• _YOUR TASK_: From the material below, copy every line in which the word "style" occurs.

[[ INPUT open ]]

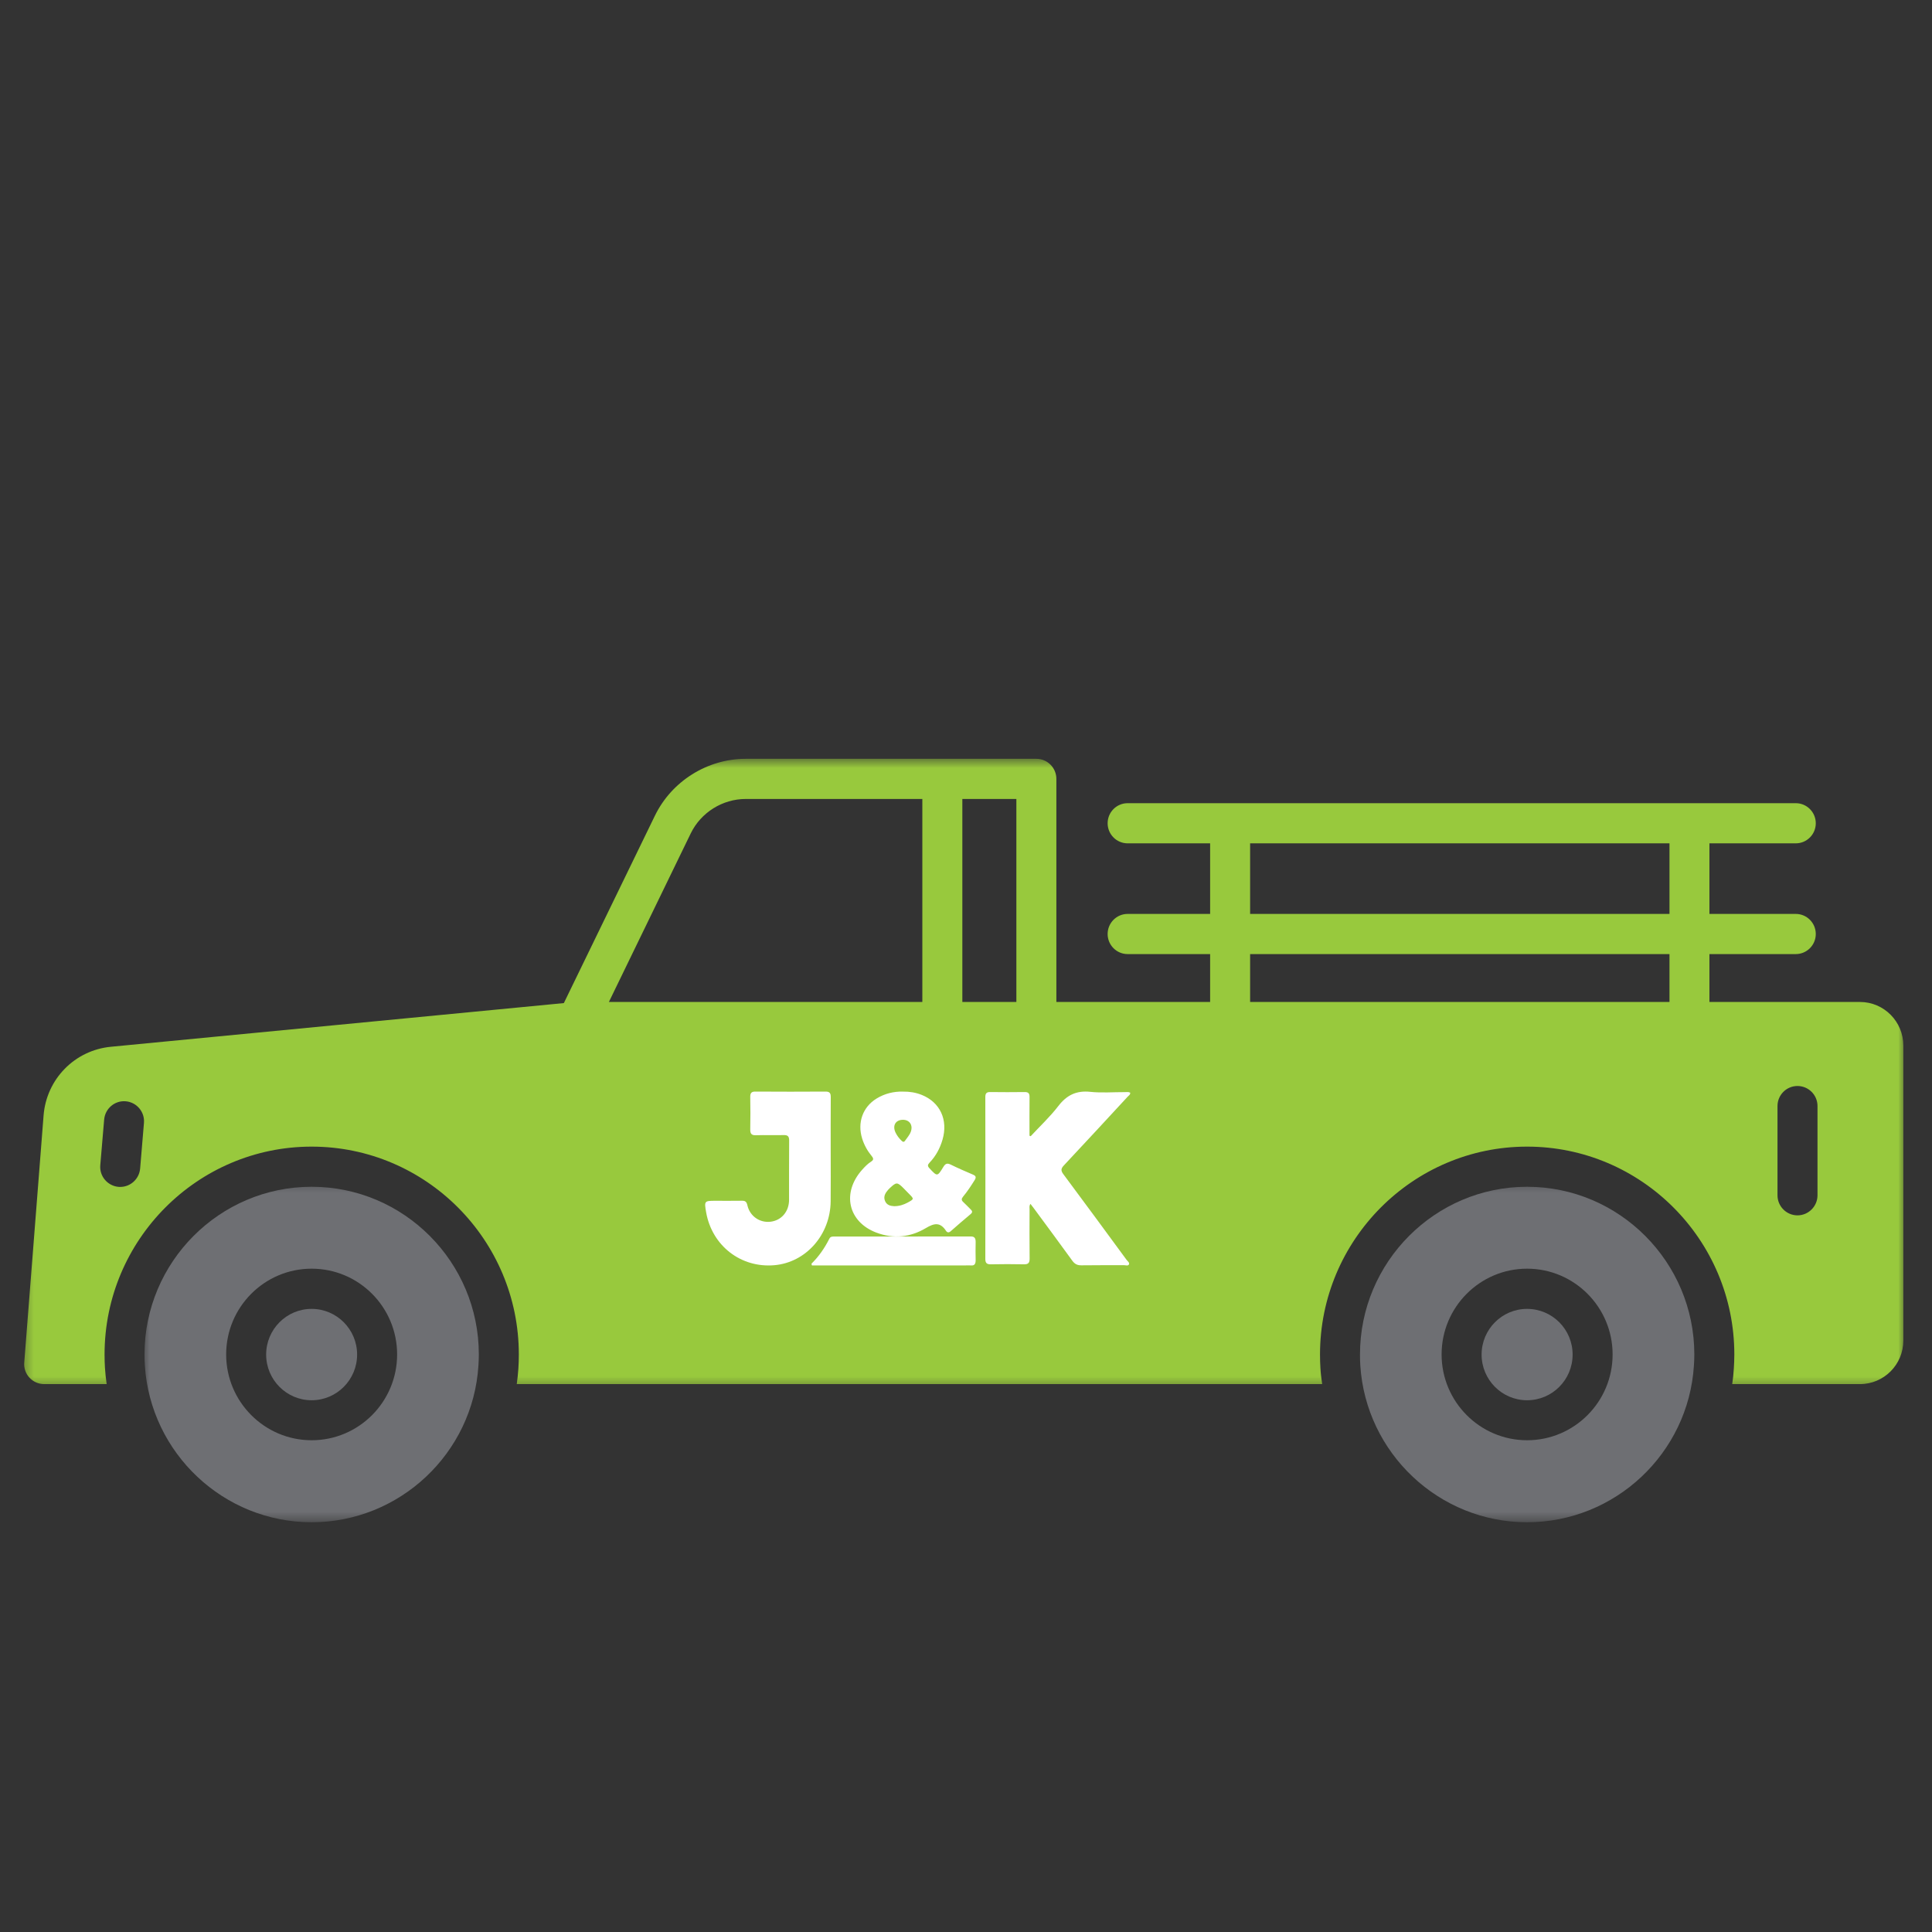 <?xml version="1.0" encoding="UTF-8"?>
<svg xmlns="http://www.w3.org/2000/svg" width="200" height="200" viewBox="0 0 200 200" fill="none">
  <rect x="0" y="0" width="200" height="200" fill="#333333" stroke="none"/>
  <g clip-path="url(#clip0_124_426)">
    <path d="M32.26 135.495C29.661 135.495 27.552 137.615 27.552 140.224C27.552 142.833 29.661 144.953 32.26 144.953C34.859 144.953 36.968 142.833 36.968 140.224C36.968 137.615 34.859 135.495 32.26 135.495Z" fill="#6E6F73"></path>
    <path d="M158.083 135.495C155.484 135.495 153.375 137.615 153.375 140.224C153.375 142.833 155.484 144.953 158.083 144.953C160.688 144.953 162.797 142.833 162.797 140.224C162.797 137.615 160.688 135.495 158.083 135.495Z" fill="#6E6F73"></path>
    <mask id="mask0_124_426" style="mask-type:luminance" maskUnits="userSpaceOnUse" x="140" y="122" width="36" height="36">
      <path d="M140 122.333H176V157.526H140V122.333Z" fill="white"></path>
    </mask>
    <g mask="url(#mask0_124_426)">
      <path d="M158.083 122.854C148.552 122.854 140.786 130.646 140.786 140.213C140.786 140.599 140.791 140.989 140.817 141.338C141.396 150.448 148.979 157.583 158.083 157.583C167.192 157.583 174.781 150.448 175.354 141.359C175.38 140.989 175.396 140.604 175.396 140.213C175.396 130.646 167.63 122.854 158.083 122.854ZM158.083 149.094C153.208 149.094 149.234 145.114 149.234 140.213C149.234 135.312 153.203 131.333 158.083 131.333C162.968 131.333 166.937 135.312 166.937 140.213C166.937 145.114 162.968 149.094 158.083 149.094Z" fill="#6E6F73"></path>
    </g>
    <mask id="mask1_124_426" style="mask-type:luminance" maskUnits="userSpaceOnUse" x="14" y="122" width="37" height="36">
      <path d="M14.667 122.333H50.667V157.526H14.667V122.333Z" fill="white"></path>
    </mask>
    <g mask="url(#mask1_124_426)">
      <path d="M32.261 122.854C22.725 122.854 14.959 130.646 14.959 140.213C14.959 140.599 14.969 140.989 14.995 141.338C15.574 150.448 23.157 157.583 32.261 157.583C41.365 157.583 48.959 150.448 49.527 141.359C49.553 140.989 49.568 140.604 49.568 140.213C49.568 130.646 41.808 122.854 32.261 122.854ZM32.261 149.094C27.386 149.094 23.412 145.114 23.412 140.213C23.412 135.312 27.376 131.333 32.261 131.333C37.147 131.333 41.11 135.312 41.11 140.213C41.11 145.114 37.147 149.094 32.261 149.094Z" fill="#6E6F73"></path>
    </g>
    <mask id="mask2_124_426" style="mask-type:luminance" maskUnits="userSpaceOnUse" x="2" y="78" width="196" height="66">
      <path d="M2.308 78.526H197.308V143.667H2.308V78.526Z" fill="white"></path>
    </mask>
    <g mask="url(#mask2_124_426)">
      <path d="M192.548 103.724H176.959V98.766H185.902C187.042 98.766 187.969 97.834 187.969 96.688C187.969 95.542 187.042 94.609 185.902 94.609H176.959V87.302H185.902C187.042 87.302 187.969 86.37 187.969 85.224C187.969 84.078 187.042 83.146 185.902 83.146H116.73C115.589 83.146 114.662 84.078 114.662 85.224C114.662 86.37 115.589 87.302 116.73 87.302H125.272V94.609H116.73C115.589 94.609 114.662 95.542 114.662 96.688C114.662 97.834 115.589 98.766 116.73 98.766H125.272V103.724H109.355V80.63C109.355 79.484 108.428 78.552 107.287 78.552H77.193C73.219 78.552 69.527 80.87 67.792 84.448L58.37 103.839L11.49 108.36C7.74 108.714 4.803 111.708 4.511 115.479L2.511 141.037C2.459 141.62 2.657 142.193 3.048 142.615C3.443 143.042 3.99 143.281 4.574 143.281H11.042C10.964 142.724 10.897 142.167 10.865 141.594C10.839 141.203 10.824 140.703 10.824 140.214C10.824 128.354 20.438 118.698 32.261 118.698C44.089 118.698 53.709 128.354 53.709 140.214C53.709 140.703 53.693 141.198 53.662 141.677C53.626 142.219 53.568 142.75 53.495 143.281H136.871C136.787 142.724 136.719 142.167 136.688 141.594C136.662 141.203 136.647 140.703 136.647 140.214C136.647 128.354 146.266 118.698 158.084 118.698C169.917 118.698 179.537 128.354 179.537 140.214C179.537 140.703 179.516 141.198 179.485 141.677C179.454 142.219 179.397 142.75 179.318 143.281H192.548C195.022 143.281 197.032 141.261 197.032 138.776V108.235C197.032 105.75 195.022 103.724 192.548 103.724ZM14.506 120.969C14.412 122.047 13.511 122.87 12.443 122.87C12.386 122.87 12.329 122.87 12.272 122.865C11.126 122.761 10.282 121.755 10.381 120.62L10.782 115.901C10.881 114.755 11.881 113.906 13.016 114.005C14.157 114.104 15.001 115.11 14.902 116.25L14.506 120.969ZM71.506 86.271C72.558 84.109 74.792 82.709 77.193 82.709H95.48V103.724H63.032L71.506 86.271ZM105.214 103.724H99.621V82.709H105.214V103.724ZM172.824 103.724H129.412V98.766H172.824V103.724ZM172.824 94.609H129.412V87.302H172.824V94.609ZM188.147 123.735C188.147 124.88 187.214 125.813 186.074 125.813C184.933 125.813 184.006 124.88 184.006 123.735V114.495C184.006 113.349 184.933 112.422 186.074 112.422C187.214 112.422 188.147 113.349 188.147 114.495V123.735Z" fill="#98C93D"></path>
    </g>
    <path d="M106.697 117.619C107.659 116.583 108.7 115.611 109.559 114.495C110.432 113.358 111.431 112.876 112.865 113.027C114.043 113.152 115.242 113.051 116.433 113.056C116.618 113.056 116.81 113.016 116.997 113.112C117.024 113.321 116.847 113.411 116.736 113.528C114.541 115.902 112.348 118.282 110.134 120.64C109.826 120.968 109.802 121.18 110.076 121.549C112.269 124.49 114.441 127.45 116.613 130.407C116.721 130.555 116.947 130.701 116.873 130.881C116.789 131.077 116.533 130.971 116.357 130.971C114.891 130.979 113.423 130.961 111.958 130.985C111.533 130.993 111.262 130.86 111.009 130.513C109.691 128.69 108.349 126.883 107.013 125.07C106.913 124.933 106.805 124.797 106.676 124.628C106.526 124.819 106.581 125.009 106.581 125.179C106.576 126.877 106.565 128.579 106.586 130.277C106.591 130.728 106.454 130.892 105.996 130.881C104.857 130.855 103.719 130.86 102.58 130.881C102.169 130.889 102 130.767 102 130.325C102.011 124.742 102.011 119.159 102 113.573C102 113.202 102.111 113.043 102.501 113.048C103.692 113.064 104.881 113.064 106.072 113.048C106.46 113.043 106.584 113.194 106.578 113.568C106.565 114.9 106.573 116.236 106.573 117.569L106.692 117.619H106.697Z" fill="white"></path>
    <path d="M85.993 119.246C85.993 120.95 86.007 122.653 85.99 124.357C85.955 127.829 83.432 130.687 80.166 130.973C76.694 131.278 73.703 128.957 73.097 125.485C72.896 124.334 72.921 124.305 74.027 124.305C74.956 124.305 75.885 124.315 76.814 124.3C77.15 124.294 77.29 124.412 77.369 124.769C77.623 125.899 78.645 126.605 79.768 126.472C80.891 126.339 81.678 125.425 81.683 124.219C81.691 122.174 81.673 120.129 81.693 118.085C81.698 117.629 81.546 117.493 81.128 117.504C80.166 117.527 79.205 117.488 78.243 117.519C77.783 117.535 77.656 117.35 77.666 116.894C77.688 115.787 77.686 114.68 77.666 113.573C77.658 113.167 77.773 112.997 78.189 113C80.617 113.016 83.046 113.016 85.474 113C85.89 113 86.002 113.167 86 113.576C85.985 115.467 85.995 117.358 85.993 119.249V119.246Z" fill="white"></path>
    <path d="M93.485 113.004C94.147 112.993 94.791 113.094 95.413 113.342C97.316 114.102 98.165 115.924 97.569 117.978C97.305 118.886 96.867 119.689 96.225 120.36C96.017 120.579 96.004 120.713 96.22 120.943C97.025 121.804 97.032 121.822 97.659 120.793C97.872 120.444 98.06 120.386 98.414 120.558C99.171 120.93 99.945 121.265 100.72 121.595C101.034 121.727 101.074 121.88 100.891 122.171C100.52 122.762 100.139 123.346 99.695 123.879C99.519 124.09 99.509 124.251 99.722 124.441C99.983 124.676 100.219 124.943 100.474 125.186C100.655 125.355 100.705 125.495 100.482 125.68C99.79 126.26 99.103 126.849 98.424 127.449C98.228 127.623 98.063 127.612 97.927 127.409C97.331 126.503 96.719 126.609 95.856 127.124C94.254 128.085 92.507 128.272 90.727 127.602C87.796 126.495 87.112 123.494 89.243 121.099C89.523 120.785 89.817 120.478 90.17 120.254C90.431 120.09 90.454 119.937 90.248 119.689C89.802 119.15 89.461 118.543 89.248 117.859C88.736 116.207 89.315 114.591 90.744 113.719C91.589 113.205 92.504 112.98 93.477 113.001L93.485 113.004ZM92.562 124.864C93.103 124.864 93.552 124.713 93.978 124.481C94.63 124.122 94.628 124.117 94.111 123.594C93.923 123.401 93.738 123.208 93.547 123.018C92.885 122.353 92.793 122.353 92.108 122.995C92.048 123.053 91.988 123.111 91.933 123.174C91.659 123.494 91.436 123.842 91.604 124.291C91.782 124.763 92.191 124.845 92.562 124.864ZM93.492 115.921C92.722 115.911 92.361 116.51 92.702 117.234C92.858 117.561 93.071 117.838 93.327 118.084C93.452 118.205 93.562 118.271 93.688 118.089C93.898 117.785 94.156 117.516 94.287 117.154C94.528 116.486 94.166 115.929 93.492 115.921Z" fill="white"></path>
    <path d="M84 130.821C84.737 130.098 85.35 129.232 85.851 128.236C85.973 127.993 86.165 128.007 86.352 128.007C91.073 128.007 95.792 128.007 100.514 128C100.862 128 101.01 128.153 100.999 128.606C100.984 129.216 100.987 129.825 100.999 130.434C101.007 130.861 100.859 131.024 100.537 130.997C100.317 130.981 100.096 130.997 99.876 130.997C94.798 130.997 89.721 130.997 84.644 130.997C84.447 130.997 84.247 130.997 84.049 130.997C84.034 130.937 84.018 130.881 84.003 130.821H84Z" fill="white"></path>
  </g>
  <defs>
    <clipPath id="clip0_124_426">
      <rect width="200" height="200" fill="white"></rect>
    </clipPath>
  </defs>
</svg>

[[ INPUT closed ]]

• _RESPONSE BOX_:
    <mask id="mask0_124_426" style="mask-type:luminance" maskUnits="userSpaceOnUse" x="140" y="122" width="36" height="36">
    <mask id="mask1_124_426" style="mask-type:luminance" maskUnits="userSpaceOnUse" x="14" y="122" width="37" height="36">
    <mask id="mask2_124_426" style="mask-type:luminance" maskUnits="userSpaceOnUse" x="2" y="78" width="196" height="66">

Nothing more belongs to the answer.